Вершинин слегка скривил губы, поскольку слово было громким и требовало других телеграмм.
— Предварительная линия имеется: уголовная расправа на почве сучьей войны; воры старой линии против ссученных, демонстративное устрашение, внутренний конфликт, для Развилки версия удобная, а для управления достаточная.
Капитан открыл папку. Верхним лежал машинописный лист с широкими полями, и внизу, под текстом, оставалось пустое место, рассчитанное под подпись исполнителя. Он прочёл первые строки, где всё уже произошло без него: «По факту обнаружения отделённых голов з/к на Развилкинском лагпункте установить наличие внутренней расправы уголовного элемента...»
От этой заготовленной аккуратности ему стало неприятно. Следователь в таких бумагах требовался не как человек с глазами, памятью, опытом и правом сомневаться, а как рука, которую привезут к столу, подведут к нужной строке и заставят завершить начатое.
— Погибшие установлены? — поинтересовался он.
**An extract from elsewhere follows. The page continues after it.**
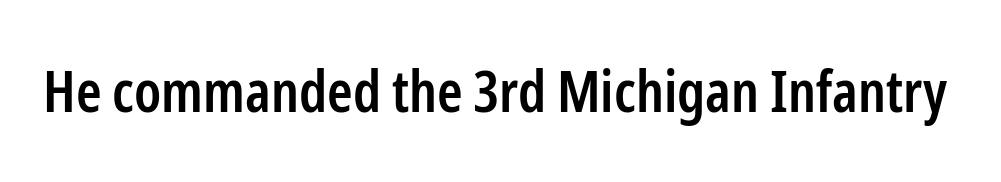
{"serif": "no", "italic": "no", "bold": "semi", "weight": "semibold", "width": "condensed", "stroke_contrast": "low", "x_height": "medium", "monospaced": "no", "underline": "no", "letter_spacing": "normal", "letter_spacing_em": 0.0, "glyph_px": 58}
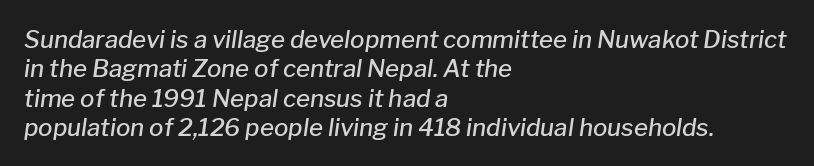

— Списки получите у старшего лейтенанта Гречина, местного опера; он держит участок жёстко, знает бараки, знает уголовников, знает, кто с кем ел, дрался и делил передачу.
— Почему дело закрывает не он?
Вершинин снял очки, протёр стекло краем платка и вернул на переносицу с медлительностью человека, которому не нравится точность вопроса.
— Девять голов у периметра требуют подписи извне, капитан; внутренняя подпись будет выглядеть хозяйственным самооправданием.
За окном кран опустил ящик на настил, доски отозвались глухим ударом, внизу крикнули, затем загрохотала тележка, и на несколько секунд разговор в кабинете оказался соединён с портом, с завозом, с тем огромным движением материи и людей, ради которого на Севере терпели всё.